### Work required
Identify every line in the records below that contains the word "nodes", and reproduce each one.

### Data provided

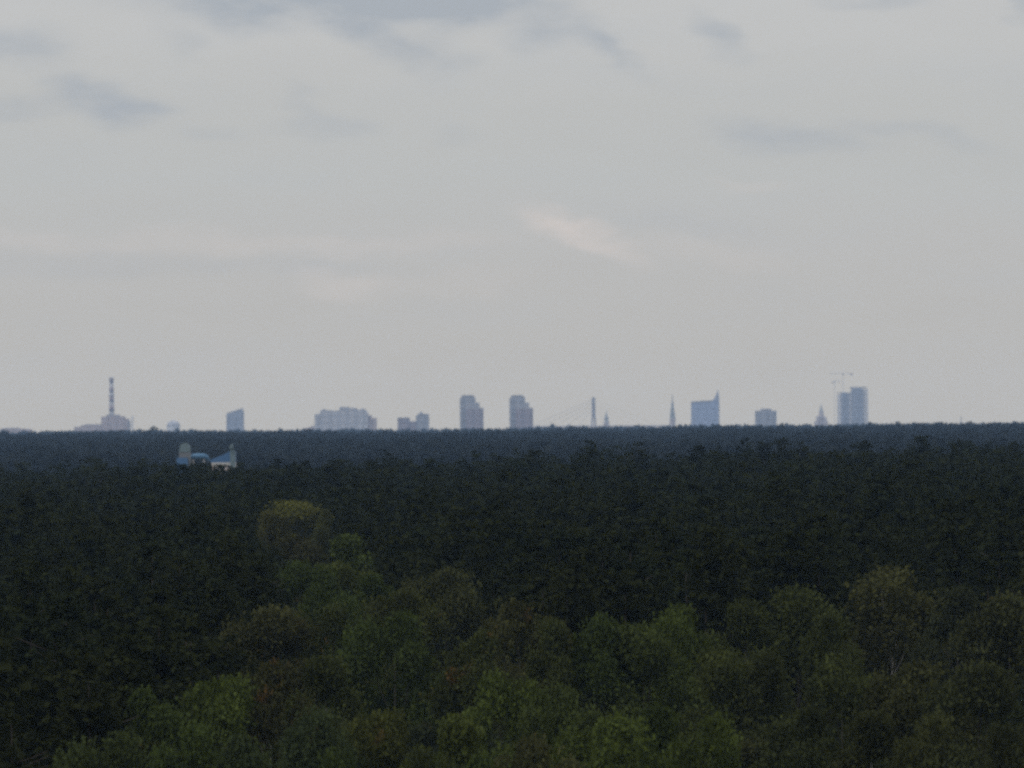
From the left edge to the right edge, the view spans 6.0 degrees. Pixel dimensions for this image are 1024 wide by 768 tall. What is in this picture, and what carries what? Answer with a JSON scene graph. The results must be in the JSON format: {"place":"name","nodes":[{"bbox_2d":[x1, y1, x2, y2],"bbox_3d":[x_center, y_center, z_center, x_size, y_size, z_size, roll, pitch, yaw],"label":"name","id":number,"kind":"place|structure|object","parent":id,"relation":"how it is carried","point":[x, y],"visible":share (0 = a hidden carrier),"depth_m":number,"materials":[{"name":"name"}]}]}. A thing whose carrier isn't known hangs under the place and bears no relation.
{"place":"outdoors","nodes":[
{"label":"outdoors","id":0,"kind":"place"},
{"bbox_2d":[0,713,49,767],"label":"pine tree","id":1,"kind":"object","parent":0,"point":[19,762],"visible":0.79,"depth_m":373.60,"materials":[{"name":"green plant"}]},
{"bbox_2d":[25,717,120,767],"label":"pine tree","id":2,"kind":"object","parent":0,"point":[50,750],"visible":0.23,"depth_m":382.38,"materials":[{"name":"green plant"}]},
{"bbox_2d":[27,655,129,767],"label":"pine tree","id":3,"kind":"object","parent":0,"point":[89,717],"visible":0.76,"depth_m":375.70,"materials":[{"name":"green plant"}]},
{"bbox_2d":[74,424,101,431],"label":"workshop","id":4,"kind":"structure","parent":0,"point":[89,427],"depth_m":15449.86,"materials":[{"name":"concrete"}]},
{"bbox_2d":[56,678,139,756],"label":"pine tree","id":5,"kind":"object","parent":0,"point":[124,715],"visible":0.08,"depth_m":387.19,"materials":[{"name":"green plant"}]},
{"bbox_2d":[47,726,156,767],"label":"broadleaf tree","id":6,"kind":"object","parent":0,"point":[132,757],"visible":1,"depth_m":355.17,"materials":[{"name":"green plant"}]},
{"bbox_2d":[101,415,132,430],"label":"boiler house","id":7,"kind":"structure","parent":0,"point":[113,422],"depth_m":15499.90,"materials":[{"name":"concrete"}]},
{"bbox_2d":[109,377,114,414],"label":"chimney","id":8,"kind":"object","parent":7,"relation":"on","point":[111,398],"visible":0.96,"depth_m":15597.02,"materials":[{"name":"white paint"}]},
{"bbox_2d":[91,623,169,730],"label":"pine tree","id":9,"kind":"object","parent":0,"point":[127,630],"visible":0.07,"depth_m":418.70,"materials":[{"name":"green plant"}]},
{"bbox_2d":[119,682,192,767],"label":"broadleaf tree","id":10,"kind":"object","parent":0,"point":[171,722],"visible":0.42,"depth_m":392.34,"materials":[{"name":"green plant"}]},
{"bbox_2d":[177,443,190,466],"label":"slide tower","id":11,"kind":"structure","parent":0,"point":[184,453],"depth_m":2299.86,"materials":[{"name":"grey plastic"}]},
{"bbox_2d":[154,620,220,737],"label":"pine tree","id":12,"kind":"object","parent":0,"point":[179,687],"visible":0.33,"depth_m":412.90,"materials":[{"name":"green plant"}]},
{"bbox_2d":[171,463,206,492],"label":"pine tree","id":13,"kind":"object","parent":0,"point":[180,479],"visible":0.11,"depth_m":1319.65,"materials":[{"name":"green plant"}]},
{"bbox_2d":[146,719,240,767],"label":"broadleaf tree","id":14,"kind":"object","parent":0,"point":[196,732],"visible":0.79,"depth_m":363.82,"materials":[{"name":"green plant"}]},
{"bbox_2d":[209,451,235,470],"bbox_3d":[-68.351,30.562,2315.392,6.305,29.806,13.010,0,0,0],"label":"pool hall","id":15,"kind":"structure","parent":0,"point":[223,459],"depth_m":2310.35,"materials":[{"name":"blue glass"}]},
{"bbox_2d":[175,659,277,767],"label":"pine tree","id":16,"kind":"object","parent":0,"point":[222,666],"visible":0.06,"depth_m":408.43,"materials":[{"name":"green plant"}]},
{"bbox_2d":[226,408,243,430],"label":"office tower","id":17,"kind":"structure","parent":0,"point":[235,420],"depth_m":15799.91,"materials":[{"name":"blue glass"}]},
{"bbox_2d":[208,568,268,659],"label":"pine tree","id":18,"kind":"object","parent":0,"point":[228,573],"visible":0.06,"depth_m":558.65,"materials":[{"name":"green plant"}]},
{"bbox_2d":[219,634,263,712],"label":"pine tree","id":19,"kind":"object","parent":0,"point":[241,654],"visible":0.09,"depth_m":479.10,"materials":[{"name":"green plant"}]},
{"bbox_2d":[219,628,280,683],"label":"pine tree","id":20,"kind":"object","parent":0,"point":[262,657],"visible":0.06,"depth_m":507.98,"materials":[{"name":"green plant"}]},
{"bbox_2d":[221,729,285,767],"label":"broadleaf tree","id":21,"kind":"object","parent":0,"point":[256,760],"visible":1,"depth_m":357.28,"materials":[{"name":"green plant"}]},
{"bbox_2d":[232,560,285,664],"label":"pine tree","id":22,"kind":"object","parent":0,"point":[255,594],"visible":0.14,"depth_m":566.93,"materials":[{"name":"green plant"}]},
{"bbox_2d":[231,663,289,749],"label":"pine tree","id":23,"kind":"object","parent":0,"point":[252,667],"visible":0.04,"depth_m":467.62,"materials":[{"name":"green plant"}]},
{"bbox_2d":[234,618,298,702],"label":"pine tree","id":24,"kind":"object","parent":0,"point":[245,623],"visible":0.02,"depth_m":519.83,"materials":[{"name":"green plant"}]},
{"bbox_2d":[256,508,294,549],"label":"broadleaf tree","id":25,"kind":"object","parent":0,"point":[269,529],"visible":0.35,"depth_m":937.51,"materials":[{"name":"green plant"}]},
{"bbox_2d":[240,657,321,767],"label":"broadleaf tree","id":26,"kind":"object","parent":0,"point":[271,706],"visible":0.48,"depth_m":417.03,"materials":[{"name":"green plant"}]},
{"bbox_2d":[264,499,333,547],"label":"broadleaf tree","id":27,"kind":"object","parent":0,"point":[300,513],"visible":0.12,"depth_m":1029.27,"materials":[{"name":"green plant"}]},
{"bbox_2d":[275,535,329,610],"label":"broadleaf tree","id":28,"kind":"object","parent":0,"point":[305,549],"visible":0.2,"depth_m":779.16,"materials":[{"name":"green plant"}]},
{"bbox_2d":[272,559,342,645],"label":"broadleaf tree","id":29,"kind":"object","parent":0,"point":[290,587],"visible":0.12,"depth_m":635.29,"materials":[{"name":"green plant"}]},
{"bbox_2d":[275,704,365,767],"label":"broadleaf tree","id":30,"kind":"object","parent":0,"point":[301,749],"visible":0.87,"depth_m":370.05,"materials":[{"name":"green plant"}]},
{"bbox_2d":[276,581,368,672],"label":"broadleaf tree","id":31,"kind":"object","parent":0,"point":[311,600],"visible":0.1,"depth_m":565.17,"materials":[{"name":"green plant"}]},
{"bbox_2d":[310,507,334,549],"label":"broadleaf tree","id":32,"kind":"object","parent":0,"point":[322,528],"visible":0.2,"depth_m":945.21,"materials":[{"name":"green plant"}]},
{"bbox_2d":[282,653,369,752],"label":"tree","id":33,"kind":"object","parent":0,"point":[326,688],"visible":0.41,"depth_m":429.28,"materials":[{"name":"green plant"}]},
{"bbox_2d":[317,746,354,767],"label":"broadleaf tree","id":34,"kind":"object","parent":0,"point":[341,759],"visible":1,"depth_m":344.96,"materials":[{"name":"green plant"}]},
{"bbox_2d":[297,559,379,635],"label":"broadleaf tree","id":35,"kind":"object","parent":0,"point":[345,571],"visible":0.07,"depth_m":646.10,"materials":[{"name":"green plant"}]},
{"bbox_2d":[315,407,376,430],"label":"apartment block","id":36,"kind":"structure","parent":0,"point":[349,418],"depth_m":14999.92,"materials":[{"name":"concrete"}]},
{"bbox_2d":[323,532,375,578],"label":"broadleaf tree","id":37,"kind":"object","parent":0,"point":[352,555],"visible":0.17,"depth_m":738.91,"materials":[{"name":"green plant"}]},
{"bbox_2d":[321,570,401,658],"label":"broadleaf tree","id":38,"kind":"object","parent":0,"point":[375,589],"visible":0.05,"depth_m":584.05,"materials":[{"name":"green plant"}]},
{"bbox_2d":[339,706,414,767],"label":"broadleaf tree","id":39,"kind":"object","parent":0,"point":[380,746],"visible":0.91,"depth_m":372.61,"materials":[{"name":"green plant"}]},
{"bbox_2d":[353,588,453,694],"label":"birch tree","id":40,"kind":"object","parent":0,"point":[428,617],"visible":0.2,"depth_m":546.98,"materials":[{"name":"green plant"}]},
{"bbox_2d":[398,418,416,430],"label":"office block","id":41,"kind":"structure","parent":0,"point":[405,423],"depth_m":15099.90,"materials":[{"name":"concrete"}]},
{"bbox_2d":[416,412,428,431],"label":"tower block","id":42,"kind":"structure","parent":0,"point":[422,419],"depth_m":15299.89,"materials":[{"name":"concrete"}]},
{"bbox_2d":[373,720,497,767],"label":"broadleaf tree","id":43,"kind":"object","parent":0,"point":[423,732],"visible":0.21,"depth_m":442.63,"materials":[{"name":"green plant"}]},
{"bbox_2d":[399,711,484,767],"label":"broadleaf tree","id":44,"kind":"object","parent":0,"point":[457,729],"visible":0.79,"depth_m":364.31,"materials":[{"name":"green plant"}]},
{"bbox_2d":[396,565,493,657],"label":"birch tree","id":45,"kind":"object","parent":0,"point":[461,607],"visible":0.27,"depth_m":576.68,"materials":[{"name":"green plant"}]},
{"bbox_2d":[460,395,483,428],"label":"residential tower","id":46,"kind":"structure","parent":0,"point":[471,413],"depth_m":14600.57,"materials":[{"name":"concrete"}]},
{"bbox_2d":[421,625,523,733],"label":"birch tree","id":47,"kind":"object","parent":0,"point":[466,678],"visible":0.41,"depth_m":461.52,"materials":[{"name":"green plant"}]},
{"bbox_2d":[455,577,513,650],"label":"pine tree","id":48,"kind":"object","parent":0,"point":[495,583],"visible":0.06,"depth_m":592.91,"materials":[{"name":"green plant"}]},
{"bbox_2d":[433,667,571,764],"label":"birch tree","id":49,"kind":"object","parent":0,"point":[505,702],"visible":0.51,"depth_m":405.36,"materials":[{"name":"green plant"}]},
{"bbox_2d":[485,732,519,767],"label":"broadleaf tree","id":50,"kind":"object","parent":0,"point":[494,736],"visible":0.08,"depth_m":447.75,"materials":[{"name":"green plant"}]},
{"bbox_2d":[473,550,538,652],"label":"pine tree","id":51,"kind":"object","parent":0,"point":[527,560],"visible":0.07,"depth_m":588.51,"materials":[{"name":"green plant"}]},
{"bbox_2d":[469,532,544,649],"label":"pine tree","id":52,"kind":"object","parent":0,"point":[527,540],"visible":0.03,"depth_m":603.08,"materials":[{"name":"green plant"}]},
{"bbox_2d":[0,421,1022,435],"bbox_3d":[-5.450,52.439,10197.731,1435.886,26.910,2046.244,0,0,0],"label":"horizon forest","id":53,"kind":"object","parent":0,"point":[357,431],"visible":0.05,"depth_m":9844.85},
{"bbox_2d":[0,437,1023,767],"bbox_3d":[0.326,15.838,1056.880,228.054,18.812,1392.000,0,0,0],"label":"pine forest","id":54,"kind":"object","parent":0,"point":[430,517],"visible":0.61,"depth_m":838.22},
{"bbox_2d":[0,421,1023,475],"bbox_3d":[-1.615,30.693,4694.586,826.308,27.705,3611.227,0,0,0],"label":"forest","id":55,"kind":"object","parent":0,"point":[318,448],"visible":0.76,"depth_m":3786.33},
{"bbox_2d":[0,0,1023,432],"label":"sky","id":56,"kind":"structure","parent":0,"point":[282,212],"materials":[{"name":"grey"}]},
{"bbox_2d":[488,584,550,678],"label":"pine tree","id":57,"kind":"object","parent":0,"point":[529,596],"visible":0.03,"depth_m":511.80,"materials":[{"name":"green plant"}]},
{"bbox_2d":[509,395,532,428],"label":"residential tower","id":58,"kind":"structure","parent":0,"point":[521,413],"depth_m":14606.57,"materials":[{"name":"concrete"}]},
{"bbox_2d":[491,732,586,767],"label":"broadleaf tree","id":59,"kind":"object","parent":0,"point":[534,747],"visible":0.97,"depth_m":349.45,"materials":[{"name":"green plant"}]},
{"bbox_2d":[511,575,570,676],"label":"pine tree","id":60,"kind":"object","parent":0,"point":[543,581],"visible":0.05,"depth_m":493.99,"materials":[{"name":"green plant"}]},
{"bbox_2d":[506,616,587,744],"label":"birch tree","id":61,"kind":"object","parent":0,"point":[559,669],"visible":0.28,"depth_m":463.12,"materials":[{"name":"green plant"}]},
{"bbox_2d":[516,682,608,767],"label":"broadleaf tree","id":62,"kind":"object","parent":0,"point":[564,696],"visible":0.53,"depth_m":390.42,"materials":[{"name":"green plant"}]},
{"bbox_2d":[533,397,665,427],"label":"cable bridge","id":63,"kind":"structure","parent":0,"point":[593,408],"depth_m":16198.53,"materials":[{"name":"stone"}]},
{"bbox_2d":[548,710,680,767],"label":"broadleaf tree","id":64,"kind":"object","parent":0,"point":[605,749],"visible":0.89,"depth_m":359.45,"materials":[{"name":"green plant"}]},
{"bbox_2d":[626,442,651,474],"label":"pine tree","id":65,"kind":"object","parent":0,"point":[641,460],"visible":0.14,"depth_m":1479.51,"materials":[{"name":"green plant"}]},
{"bbox_2d":[627,579,684,677],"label":"pine tree","id":66,"kind":"object","parent":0,"point":[655,591],"visible":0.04,"depth_m":508.57,"materials":[{"name":"green plant"}]},
{"bbox_2d":[632,701,685,767],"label":"broadleaf tree","id":67,"kind":"object","parent":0,"point":[666,725],"visible":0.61,"depth_m":373.07,"materials":[{"name":"green plant"}]},
{"bbox_2d":[660,561,704,647],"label":"pine tree","id":68,"kind":"object","parent":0,"point":[680,595],"visible":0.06,"depth_m":521.42,"materials":[{"name":"green plant"}]},
{"bbox_2d":[686,445,710,466],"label":"pine tree","id":69,"kind":"object","parent":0,"point":[694,457],"visible":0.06,"depth_m":1479.54,"materials":[{"name":"green plant"}]},
{"bbox_2d":[660,711,742,767],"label":"broadleaf tree","id":70,"kind":"object","parent":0,"point":[714,749],"visible":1,"depth_m":363.60,"materials":[{"name":"green plant"}]},
{"bbox_2d":[691,391,718,425],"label":"glass tower","id":71,"kind":"structure","parent":0,"point":[705,413],"depth_m":15699.93,"materials":[{"name":"glass"}]},
{"bbox_2d":[673,645,794,767],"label":"birch tree","id":72,"kind":"object","parent":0,"point":[720,676],"visible":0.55,"depth_m":435.95,"materials":[{"name":"green plant"}]},
{"bbox_2d":[699,597,794,723],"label":"birch tree","id":73,"kind":"object","parent":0,"point":[747,625],"visible":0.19,"depth_m":499.99,"materials":[{"name":"green plant"}]},
{"bbox_2d":[707,537,788,682],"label":"pine tree","id":74,"kind":"object","parent":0,"point":[743,553],"visible":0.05,"depth_m":543.24,"materials":[{"name":"green plant"}]},
{"bbox_2d":[746,440,775,465],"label":"pine tree","id":75,"kind":"object","parent":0,"point":[762,446],"visible":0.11,"depth_m":1499.84,"materials":[{"name":"green plant"}]},
{"bbox_2d":[730,736,795,767],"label":"broadleaf tree","id":76,"kind":"object","parent":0,"point":[749,753],"visible":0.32,"depth_m":421.08,"materials":[{"name":"green plant"}]},
{"bbox_2d":[724,555,801,696],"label":"pine tree","id":77,"kind":"object","parent":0,"point":[759,595],"visible":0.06,"depth_m":546.48,"materials":[{"name":"green plant"}]},
{"bbox_2d":[755,409,776,425],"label":"hotel block","id":78,"kind":"structure","parent":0,"point":[765,417],"depth_m":15999.90,"materials":[{"name":"concrete"}]},
{"bbox_2d":[770,437,798,463],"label":"pine tree","id":79,"kind":"object","parent":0,"point":[781,453],"visible":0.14,"depth_m":1499.74,"materials":[{"name":"green plant"}]},
{"bbox_2d":[742,703,837,767],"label":"broadleaf tree","id":80,"kind":"object","parent":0,"point":[804,741],"visible":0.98,"depth_m":376.07,"materials":[{"name":"green plant"}]},
{"bbox_2d":[814,405,827,425],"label":"science palace","id":81,"kind":"structure","parent":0,"point":[821,419],"depth_m":16696.51,"materials":[{"name":"stone"}]},
{"bbox_2d":[769,652,891,767],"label":"birch tree","id":82,"kind":"object","parent":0,"point":[843,698],"visible":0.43,"depth_m":429.47,"materials":[{"name":"green plant"}]},
{"bbox_2d":[795,611,866,746],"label":"birch tree","id":83,"kind":"object","parent":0,"point":[828,634],"visible":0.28,"depth_m":480.24,"materials":[{"name":"green plant"}]},
{"bbox_2d":[856,439,879,463],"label":"pine tree","id":84,"kind":"object","parent":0,"point":[864,444],"visible":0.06,"depth_m":1499.74,"materials":[{"name":"green plant"}]},
{"bbox_2d":[851,657,985,767],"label":"birch tree","id":85,"kind":"object","parent":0,"point":[892,700],"visible":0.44,"depth_m":422.62,"materials":[{"name":"green plant"}]},
{"bbox_2d":[904,435,941,460],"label":"pine tree","id":86,"kind":"object","parent":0,"point":[921,440],"visible":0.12,"depth_m":1499.62,"materials":[{"name":"green plant"}]},
{"bbox_2d":[885,709,965,767],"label":"broadleaf tree","id":87,"kind":"object","parent":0,"point":[928,749],"visible":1,"depth_m":367.67,"materials":[{"name":"green plant"}]},
{"bbox_2d":[895,585,995,729],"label":"birch tree","id":88,"kind":"object","parent":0,"point":[938,631],"visible":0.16,"depth_m":534.50,"materials":[{"name":"green plant"}]},
{"bbox_2d":[947,439,972,457],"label":"pine tree","id":89,"kind":"object","parent":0,"point":[951,444],"visible":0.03,"depth_m":1539.80,"materials":[{"name":"green plant"}]},
{"bbox_2d":[940,589,1023,724],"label":"birch tree","id":90,"kind":"object","parent":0,"point":[1003,638],"visible":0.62,"depth_m":490.62,"materials":[{"name":"green plant"}]},
{"bbox_2d":[973,719,1023,767],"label":"broadleaf tree","id":91,"kind":"object","parent":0,"point":[1012,755],"visible":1,"depth_m":361.13,"materials":[{"name":"green plant"}]},
{"bbox_2d":[973,553,1023,666],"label":"pine tree","id":92,"kind":"object","parent":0,"point":[1010,565],"visible":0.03,"depth_m":575.37,"materials":[{"name":"green plant"}]},
{"bbox_3d":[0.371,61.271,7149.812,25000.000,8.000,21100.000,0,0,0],"label":"ground","id":93,"kind":"structure","parent":0,"visible":0},
{"bbox_2d":[14,650,133,767],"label":"pine tree","id":94,"kind":"object","parent":93,"relation":"on","point":[53,686],"visible":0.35,"depth_m":392.35,"materials":[{"name":"green plant"}]},
{"bbox_2d":[85,632,210,743],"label":"pine tree","id":95,"kind":"object","parent":93,"relation":"on","point":[121,678],"visible":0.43,"depth_m":396.12,"materials":[{"name":"green plant"}]},
{"bbox_2d":[160,636,272,751],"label":"pine tree","id":96,"kind":"object","parent":93,"relation":"on","point":[214,656],"visible":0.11,"depth_m":422.67,"materials":[{"name":"green plant"}]},
{"bbox_2d":[162,672,275,767],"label":"broadleaf tree","id":97,"kind":"object","parent":93,"relation":"on","point":[213,704],"visible":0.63,"depth_m":401.72,"materials":[{"name":"green plant"}]},
{"bbox_2d":[214,603,340,712],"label":"broadleaf tree","id":98,"kind":"object","parent":93,"relation":"on","point":[281,633],"visible":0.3,"depth_m":502.96,"materials":[{"name":"green plant"}]},
{"bbox_2d":[282,601,392,706],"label":"broadleaf tree","id":99,"kind":"object","parent":93,"relation":"on","point":[332,612],"visible":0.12,"depth_m":516.74,"materials":[{"name":"green plant"}]},
{"bbox_2d":[318,607,457,738],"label":"birch tree","id":100,"kind":"object","parent":93,"relation":"on","point":[418,710],"visible":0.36,"depth_m":486.85,"materials":[{"name":"green plant"}]},
{"bbox_2d":[459,597,581,731],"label":"birch tree","id":101,"kind":"object","parent":93,"relation":"on","point":[507,631],"visible":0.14,"depth_m":481.54,"materials":[{"name":"green plant"}]},
{"bbox_2d":[546,611,677,752],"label":"broadleaf tree","id":102,"kind":"object","parent":93,"relation":"on","point":[593,679],"visible":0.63,"depth_m":462.56,"materials":[{"name":"green plant"}]},
{"bbox_2d":[592,620,726,766],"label":"broadleaf tree","id":103,"kind":"object","parent":93,"relation":"on","point":[652,655],"visible":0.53,"depth_m":461.59,"materials":[{"name":"green plant"}]},
{"bbox_2d":[589,600,735,721],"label":"broadleaf tree","id":104,"kind":"object","parent":93,"relation":"on","point":[677,627],"visible":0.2,"depth_m":490.69,"materials":[{"name":"green plant"}]},
{"bbox_2d":[702,646,834,767],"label":"birch tree","id":105,"kind":"object","parent":93,"relation":"on","point":[764,673],"visible":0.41,"depth_m":435.86,"materials":[{"name":"green plant"}]},
{"bbox_2d":[755,532,851,701],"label":"pine tree","id":106,"kind":"object","parent":93,"relation":"on","point":[791,573],"visible":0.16,"depth_m":551.12,"materials":[{"name":"green plant"}]},
{"bbox_2d":[746,583,863,717],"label":"birch tree","id":107,"kind":"object","parent":93,"relation":"on","point":[798,615],"visible":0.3,"depth_m":512.95,"materials":[{"name":"green plant"}]},
{"bbox_2d":[837,392,849,424],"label":"high-rise building","id":108,"kind":"structure","parent":93,"relation":"on","point":[843,407],"depth_m":15200.00,"materials":[{"name":"grey glass"}]},
{"bbox_2d":[850,387,867,424],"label":"high-rise building","id":109,"kind":"structure","parent":93,"relation":"on","point":[859,405],"depth_m":15190.05,"materials":[{"name":"grey glass"}]},
{"bbox_2d":[778,562,952,699],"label":"birch tree","id":110,"kind":"object","parent":93,"relation":"on","point":[878,593],"visible":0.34,"depth_m":545.71,"materials":[{"name":"green plant"}]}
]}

######

### Exercise answer
From the left edge to the right edge, the view spans 6.0 degrees. Pixel dimensions for this image are 1024 wide by 768 tall. What is in this picture, and what carries what? Answer with a JSON scene graph. The results must be in the JSON format: {"place":"name","nodes":[{"bbox_2d":[x1, y1, x2, y2],"bbox_3d":[x_center, y_center, z_center, x_size, y_size, z_size, roll, pitch, yaw],"label":"name","id":number,"kind":"place|structure|object","parent":id,"relation":"how it is carried","point":[x, y],"visible":share (0 = a hidden carrier),"depth_m":number,"materials":[{"name":"name"}]}]}. A thing whose carrier isn't known hangs under the place and bears no relation.
{"place":"outdoors","nodes":[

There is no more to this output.